# [Activity]
Lines containing the word "outdoors" are the ones to copy from the records below.

......

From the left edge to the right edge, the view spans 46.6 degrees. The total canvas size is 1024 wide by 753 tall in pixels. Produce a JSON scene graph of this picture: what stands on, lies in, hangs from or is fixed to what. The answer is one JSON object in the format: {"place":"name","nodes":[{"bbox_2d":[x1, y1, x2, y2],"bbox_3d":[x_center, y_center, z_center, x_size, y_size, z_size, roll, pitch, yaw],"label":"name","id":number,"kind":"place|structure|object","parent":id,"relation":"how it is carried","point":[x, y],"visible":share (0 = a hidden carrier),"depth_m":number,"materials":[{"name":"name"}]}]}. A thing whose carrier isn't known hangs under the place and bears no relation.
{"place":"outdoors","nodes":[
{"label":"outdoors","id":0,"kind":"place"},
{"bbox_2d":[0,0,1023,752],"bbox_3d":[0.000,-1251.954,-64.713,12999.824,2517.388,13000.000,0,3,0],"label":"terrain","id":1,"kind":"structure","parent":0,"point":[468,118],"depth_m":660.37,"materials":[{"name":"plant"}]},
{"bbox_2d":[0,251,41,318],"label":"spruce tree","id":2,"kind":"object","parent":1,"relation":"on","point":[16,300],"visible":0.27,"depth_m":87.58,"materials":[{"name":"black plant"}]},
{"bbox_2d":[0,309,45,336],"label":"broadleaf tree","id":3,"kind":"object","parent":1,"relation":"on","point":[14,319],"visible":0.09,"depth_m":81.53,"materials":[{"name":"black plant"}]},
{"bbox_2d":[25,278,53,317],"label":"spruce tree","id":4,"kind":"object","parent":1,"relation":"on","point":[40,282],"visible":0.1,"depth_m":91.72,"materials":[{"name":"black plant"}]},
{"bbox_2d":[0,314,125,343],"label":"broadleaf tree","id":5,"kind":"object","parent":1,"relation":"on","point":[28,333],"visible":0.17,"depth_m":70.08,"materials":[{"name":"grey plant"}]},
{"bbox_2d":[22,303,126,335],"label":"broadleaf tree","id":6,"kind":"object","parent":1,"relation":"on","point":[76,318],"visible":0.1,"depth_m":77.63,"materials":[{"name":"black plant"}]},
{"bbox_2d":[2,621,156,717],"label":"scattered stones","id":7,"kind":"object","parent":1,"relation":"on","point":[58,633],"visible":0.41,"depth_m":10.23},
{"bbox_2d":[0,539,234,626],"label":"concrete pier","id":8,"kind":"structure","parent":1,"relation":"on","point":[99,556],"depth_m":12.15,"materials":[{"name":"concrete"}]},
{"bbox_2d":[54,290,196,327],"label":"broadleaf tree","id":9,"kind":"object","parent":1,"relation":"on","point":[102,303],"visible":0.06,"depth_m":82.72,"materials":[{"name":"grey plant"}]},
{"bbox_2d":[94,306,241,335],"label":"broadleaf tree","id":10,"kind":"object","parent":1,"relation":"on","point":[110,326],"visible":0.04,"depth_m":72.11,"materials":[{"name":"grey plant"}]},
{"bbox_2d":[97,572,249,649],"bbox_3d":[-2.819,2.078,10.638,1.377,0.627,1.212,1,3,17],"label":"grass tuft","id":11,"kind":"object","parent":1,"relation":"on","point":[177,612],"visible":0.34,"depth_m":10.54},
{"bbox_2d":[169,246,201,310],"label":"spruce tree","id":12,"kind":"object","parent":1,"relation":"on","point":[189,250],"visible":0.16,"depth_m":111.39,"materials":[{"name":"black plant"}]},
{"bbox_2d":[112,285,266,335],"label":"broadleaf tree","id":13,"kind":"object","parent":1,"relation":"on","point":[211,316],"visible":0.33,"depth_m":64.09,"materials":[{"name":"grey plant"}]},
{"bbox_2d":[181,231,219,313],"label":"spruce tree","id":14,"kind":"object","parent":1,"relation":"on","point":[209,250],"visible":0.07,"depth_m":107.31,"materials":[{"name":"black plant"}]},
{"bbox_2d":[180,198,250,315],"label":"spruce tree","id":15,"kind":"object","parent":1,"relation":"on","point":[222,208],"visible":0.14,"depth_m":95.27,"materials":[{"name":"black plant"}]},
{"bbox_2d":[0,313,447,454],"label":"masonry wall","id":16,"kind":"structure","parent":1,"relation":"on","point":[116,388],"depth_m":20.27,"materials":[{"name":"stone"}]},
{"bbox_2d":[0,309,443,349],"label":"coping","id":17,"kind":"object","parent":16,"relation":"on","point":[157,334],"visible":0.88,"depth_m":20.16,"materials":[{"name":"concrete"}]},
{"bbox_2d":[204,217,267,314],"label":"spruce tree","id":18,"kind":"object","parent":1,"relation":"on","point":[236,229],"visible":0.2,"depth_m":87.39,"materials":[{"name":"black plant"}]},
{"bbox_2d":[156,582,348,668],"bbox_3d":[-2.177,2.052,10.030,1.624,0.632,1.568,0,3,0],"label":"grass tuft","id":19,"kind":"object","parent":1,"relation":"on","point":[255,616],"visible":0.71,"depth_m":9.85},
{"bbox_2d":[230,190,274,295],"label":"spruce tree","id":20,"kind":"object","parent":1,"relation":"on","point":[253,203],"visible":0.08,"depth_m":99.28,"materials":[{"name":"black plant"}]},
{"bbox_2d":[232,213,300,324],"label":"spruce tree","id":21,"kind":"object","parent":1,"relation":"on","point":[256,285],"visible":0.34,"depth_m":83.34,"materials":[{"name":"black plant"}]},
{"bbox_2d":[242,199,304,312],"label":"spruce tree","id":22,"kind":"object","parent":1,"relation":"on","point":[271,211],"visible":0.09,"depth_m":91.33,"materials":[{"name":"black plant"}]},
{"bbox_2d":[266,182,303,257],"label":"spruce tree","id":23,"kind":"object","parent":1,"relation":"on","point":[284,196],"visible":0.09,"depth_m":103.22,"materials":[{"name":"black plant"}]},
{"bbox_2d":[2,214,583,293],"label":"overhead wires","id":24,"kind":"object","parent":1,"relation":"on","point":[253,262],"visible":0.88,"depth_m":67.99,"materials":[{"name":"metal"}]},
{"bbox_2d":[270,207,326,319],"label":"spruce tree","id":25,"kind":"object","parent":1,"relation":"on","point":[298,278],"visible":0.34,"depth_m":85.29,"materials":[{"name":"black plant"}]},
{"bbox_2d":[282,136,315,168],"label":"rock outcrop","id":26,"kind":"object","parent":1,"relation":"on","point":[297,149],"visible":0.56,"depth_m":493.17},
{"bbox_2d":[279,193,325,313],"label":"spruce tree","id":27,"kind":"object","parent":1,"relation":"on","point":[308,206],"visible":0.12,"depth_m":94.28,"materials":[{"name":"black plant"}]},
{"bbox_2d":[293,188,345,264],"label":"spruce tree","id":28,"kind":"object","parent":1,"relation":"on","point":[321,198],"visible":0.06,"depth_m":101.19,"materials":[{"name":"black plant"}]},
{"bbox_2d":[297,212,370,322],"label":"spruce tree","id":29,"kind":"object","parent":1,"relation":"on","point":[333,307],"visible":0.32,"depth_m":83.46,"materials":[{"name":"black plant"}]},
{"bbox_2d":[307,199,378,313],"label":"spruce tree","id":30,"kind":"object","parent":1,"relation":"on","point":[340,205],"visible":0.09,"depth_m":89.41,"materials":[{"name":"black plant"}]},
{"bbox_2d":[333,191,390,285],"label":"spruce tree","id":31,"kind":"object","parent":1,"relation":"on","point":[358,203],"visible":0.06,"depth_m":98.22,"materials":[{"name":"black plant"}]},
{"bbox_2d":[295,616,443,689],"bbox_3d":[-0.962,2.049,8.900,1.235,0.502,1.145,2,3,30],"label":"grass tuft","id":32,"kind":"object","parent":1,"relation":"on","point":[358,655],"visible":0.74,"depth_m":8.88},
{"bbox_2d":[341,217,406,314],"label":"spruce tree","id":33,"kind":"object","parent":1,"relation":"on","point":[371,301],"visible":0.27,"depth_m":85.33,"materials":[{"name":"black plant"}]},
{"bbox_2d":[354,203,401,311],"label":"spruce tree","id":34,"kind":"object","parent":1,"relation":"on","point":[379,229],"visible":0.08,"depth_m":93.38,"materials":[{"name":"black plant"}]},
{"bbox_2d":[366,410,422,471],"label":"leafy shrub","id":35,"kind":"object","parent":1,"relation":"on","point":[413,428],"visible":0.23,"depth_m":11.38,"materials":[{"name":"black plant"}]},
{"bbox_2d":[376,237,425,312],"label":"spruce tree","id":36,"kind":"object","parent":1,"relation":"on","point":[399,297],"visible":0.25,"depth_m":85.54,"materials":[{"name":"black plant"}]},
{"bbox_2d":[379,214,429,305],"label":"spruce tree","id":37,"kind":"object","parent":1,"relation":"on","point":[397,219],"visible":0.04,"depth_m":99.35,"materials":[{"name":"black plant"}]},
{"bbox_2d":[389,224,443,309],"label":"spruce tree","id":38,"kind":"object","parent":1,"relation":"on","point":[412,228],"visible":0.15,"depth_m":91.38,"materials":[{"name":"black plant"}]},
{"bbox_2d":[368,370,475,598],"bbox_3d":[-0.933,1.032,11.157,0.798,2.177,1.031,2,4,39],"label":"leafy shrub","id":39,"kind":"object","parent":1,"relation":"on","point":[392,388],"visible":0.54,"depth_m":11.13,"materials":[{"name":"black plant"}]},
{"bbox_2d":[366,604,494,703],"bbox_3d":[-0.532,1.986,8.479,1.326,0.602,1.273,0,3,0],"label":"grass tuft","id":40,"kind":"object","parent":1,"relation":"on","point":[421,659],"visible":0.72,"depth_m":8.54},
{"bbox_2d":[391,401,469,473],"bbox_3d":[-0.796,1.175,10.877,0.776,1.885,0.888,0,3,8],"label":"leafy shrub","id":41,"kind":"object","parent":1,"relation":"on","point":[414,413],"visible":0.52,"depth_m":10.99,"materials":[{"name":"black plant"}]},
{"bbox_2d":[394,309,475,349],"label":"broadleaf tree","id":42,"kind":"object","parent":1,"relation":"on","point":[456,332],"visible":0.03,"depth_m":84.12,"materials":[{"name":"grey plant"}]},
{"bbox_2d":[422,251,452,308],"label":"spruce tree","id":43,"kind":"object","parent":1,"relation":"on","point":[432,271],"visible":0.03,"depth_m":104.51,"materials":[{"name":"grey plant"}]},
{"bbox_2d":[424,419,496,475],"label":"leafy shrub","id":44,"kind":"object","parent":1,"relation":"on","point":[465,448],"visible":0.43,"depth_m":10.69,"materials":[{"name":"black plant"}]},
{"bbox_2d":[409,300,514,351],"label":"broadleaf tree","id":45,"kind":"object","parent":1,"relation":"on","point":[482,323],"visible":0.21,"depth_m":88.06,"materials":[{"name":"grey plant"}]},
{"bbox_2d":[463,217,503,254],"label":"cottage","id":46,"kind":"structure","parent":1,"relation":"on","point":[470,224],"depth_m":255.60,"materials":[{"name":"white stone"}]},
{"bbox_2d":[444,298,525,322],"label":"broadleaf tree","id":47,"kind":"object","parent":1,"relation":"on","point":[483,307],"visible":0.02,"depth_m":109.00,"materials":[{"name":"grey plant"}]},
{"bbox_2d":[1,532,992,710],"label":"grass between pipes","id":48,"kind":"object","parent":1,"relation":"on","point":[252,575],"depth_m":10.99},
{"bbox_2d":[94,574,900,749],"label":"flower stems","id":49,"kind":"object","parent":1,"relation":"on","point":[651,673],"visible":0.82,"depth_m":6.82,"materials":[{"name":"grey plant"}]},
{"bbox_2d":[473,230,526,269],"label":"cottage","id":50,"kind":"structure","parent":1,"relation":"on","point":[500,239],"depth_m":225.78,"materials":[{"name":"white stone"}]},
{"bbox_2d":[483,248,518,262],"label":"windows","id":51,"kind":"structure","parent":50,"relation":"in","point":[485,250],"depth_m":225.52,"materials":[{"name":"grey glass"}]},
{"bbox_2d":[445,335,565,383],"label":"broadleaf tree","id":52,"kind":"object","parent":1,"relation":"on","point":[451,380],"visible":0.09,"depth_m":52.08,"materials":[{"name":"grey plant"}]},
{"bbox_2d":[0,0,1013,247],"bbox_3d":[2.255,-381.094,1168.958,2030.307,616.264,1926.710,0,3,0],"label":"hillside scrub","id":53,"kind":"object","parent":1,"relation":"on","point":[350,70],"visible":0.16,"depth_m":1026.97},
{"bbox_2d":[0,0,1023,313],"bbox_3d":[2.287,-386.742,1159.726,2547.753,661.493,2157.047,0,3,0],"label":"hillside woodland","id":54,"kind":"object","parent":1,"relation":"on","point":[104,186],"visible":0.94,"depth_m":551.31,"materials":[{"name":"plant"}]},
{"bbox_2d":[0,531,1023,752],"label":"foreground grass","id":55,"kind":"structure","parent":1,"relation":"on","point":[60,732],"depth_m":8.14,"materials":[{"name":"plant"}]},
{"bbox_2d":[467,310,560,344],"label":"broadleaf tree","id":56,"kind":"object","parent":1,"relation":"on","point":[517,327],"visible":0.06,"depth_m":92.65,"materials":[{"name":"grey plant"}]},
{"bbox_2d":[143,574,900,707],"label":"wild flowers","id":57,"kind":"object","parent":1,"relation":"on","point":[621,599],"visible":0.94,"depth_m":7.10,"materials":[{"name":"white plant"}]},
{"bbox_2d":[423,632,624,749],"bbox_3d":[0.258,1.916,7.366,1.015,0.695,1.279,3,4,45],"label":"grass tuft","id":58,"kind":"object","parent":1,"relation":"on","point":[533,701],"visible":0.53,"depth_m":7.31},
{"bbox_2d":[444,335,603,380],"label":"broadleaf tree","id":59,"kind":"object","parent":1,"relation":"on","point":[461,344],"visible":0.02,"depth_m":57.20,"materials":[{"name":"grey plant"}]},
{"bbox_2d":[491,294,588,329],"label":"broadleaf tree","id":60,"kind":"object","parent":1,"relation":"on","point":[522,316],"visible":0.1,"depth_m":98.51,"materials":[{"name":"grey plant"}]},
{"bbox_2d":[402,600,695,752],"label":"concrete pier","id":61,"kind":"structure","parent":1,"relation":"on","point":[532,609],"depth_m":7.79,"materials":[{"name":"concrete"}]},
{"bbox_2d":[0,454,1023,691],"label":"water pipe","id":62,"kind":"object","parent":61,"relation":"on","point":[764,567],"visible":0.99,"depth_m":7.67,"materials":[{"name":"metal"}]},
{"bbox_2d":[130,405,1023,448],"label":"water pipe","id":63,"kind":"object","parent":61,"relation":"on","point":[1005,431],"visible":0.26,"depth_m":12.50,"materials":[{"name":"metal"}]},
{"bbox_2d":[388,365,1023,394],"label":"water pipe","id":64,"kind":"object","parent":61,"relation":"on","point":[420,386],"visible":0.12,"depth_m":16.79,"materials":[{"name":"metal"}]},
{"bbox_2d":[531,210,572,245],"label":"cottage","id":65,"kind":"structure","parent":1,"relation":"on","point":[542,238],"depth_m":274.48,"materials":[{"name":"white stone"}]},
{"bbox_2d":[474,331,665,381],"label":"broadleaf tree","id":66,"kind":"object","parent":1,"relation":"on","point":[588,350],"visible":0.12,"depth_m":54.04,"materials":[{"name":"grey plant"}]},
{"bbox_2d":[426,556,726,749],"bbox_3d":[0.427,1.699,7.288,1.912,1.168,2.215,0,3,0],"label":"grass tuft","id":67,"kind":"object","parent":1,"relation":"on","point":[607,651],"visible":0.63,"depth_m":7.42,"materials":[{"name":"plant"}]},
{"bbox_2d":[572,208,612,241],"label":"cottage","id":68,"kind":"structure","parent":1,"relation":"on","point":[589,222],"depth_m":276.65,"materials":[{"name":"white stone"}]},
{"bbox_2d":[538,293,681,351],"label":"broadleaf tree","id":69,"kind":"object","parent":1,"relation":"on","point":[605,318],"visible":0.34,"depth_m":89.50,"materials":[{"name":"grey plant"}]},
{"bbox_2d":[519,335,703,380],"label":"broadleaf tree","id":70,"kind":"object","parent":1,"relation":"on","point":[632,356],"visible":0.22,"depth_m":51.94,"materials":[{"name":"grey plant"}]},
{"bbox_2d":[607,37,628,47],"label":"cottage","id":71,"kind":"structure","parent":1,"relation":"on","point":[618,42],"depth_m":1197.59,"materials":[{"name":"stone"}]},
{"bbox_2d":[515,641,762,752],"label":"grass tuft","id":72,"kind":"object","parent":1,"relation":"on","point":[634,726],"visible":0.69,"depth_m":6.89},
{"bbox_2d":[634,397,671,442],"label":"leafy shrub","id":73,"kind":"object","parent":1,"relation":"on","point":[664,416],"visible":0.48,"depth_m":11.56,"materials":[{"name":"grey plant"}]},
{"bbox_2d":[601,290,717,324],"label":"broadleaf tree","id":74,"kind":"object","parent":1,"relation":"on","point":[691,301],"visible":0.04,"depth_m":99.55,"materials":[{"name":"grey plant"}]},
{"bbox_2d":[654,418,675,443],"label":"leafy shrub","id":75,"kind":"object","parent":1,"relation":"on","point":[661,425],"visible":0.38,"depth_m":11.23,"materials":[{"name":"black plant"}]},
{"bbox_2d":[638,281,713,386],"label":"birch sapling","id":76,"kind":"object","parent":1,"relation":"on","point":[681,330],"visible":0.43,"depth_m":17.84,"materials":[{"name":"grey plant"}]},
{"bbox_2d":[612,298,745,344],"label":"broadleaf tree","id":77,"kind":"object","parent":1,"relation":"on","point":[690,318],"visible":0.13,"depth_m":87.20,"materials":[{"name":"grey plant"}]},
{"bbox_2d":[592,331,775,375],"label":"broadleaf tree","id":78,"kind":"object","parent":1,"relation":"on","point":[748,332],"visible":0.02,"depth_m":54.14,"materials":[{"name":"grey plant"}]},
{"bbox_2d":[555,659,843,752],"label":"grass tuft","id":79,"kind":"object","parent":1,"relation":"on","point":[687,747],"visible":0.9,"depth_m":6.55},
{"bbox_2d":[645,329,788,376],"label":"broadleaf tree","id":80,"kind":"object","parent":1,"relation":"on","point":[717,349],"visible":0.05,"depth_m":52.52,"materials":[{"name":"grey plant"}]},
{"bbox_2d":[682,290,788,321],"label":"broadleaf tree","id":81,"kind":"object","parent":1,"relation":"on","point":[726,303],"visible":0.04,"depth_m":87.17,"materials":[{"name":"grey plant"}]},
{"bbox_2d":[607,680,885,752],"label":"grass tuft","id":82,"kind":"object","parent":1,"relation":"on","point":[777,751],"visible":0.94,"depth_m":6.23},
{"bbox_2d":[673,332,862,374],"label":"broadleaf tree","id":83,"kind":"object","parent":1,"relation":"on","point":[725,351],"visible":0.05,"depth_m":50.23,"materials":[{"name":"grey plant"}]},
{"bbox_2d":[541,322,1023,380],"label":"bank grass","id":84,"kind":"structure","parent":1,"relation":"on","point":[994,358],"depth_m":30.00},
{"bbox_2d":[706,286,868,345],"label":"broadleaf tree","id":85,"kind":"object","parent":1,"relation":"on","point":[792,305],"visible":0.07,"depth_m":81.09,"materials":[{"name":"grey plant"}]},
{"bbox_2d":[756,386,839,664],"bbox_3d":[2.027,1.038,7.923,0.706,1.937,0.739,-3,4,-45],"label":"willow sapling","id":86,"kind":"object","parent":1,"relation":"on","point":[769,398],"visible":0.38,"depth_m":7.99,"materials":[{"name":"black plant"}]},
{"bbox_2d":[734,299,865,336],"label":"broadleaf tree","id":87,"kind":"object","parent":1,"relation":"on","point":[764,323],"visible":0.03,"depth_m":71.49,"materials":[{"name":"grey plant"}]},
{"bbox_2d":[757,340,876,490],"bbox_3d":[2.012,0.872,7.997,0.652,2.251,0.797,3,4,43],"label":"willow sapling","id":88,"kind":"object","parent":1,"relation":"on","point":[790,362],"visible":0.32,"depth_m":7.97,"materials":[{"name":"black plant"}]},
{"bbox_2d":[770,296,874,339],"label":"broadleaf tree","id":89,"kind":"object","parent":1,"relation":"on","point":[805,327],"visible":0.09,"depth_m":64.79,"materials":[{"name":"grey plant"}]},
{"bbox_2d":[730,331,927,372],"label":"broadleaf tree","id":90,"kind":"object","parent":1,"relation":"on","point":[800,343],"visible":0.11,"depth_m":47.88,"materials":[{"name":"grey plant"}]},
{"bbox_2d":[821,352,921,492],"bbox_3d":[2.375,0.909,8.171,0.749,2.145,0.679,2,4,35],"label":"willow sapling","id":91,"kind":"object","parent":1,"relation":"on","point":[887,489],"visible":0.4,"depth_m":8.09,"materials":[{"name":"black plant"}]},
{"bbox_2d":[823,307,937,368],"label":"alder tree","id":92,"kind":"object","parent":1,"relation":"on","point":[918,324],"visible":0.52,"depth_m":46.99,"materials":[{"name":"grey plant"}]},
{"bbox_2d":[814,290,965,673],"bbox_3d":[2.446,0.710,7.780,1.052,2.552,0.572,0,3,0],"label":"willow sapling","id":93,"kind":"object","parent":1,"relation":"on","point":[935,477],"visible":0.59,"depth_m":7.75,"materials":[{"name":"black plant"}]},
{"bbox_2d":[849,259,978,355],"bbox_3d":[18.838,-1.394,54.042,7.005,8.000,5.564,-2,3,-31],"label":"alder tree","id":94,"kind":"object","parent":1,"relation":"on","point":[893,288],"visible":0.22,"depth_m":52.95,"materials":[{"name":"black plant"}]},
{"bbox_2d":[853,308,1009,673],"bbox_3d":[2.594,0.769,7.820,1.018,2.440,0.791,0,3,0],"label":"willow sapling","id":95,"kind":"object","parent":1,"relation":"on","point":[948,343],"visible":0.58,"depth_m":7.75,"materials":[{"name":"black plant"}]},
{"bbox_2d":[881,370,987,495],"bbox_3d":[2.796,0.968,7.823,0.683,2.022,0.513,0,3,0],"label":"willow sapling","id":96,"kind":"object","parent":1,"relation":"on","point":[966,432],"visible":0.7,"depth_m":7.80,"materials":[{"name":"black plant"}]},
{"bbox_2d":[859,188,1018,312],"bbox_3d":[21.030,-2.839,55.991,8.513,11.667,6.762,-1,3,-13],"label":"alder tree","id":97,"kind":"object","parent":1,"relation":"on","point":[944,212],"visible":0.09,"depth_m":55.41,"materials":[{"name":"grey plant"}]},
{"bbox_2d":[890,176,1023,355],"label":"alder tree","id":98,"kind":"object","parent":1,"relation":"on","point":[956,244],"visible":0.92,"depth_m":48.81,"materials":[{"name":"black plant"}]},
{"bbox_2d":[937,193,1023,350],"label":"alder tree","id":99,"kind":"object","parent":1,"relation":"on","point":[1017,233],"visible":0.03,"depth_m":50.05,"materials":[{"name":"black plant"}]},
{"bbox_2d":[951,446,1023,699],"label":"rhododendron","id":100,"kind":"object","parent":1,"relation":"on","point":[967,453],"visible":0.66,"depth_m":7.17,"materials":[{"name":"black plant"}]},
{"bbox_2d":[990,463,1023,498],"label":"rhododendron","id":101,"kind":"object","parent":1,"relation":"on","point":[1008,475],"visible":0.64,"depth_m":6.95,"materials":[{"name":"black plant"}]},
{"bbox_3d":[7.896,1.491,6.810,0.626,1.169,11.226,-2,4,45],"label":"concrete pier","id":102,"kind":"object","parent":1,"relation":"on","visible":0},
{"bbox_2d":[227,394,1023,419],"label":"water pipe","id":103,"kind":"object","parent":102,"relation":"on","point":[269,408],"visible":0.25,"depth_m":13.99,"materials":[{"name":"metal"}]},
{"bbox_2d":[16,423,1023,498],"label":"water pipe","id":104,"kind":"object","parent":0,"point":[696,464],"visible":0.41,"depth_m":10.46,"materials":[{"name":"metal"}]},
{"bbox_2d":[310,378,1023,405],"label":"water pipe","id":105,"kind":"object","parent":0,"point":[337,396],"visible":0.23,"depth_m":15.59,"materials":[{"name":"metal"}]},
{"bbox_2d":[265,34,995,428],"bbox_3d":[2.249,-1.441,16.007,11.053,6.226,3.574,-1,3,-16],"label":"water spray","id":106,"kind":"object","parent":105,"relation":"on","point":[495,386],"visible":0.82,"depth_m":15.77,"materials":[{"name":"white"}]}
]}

......

# [Written response]
{"place":"outdoors","nodes":[
{"label":"outdoors","id":0,"kind":"place"},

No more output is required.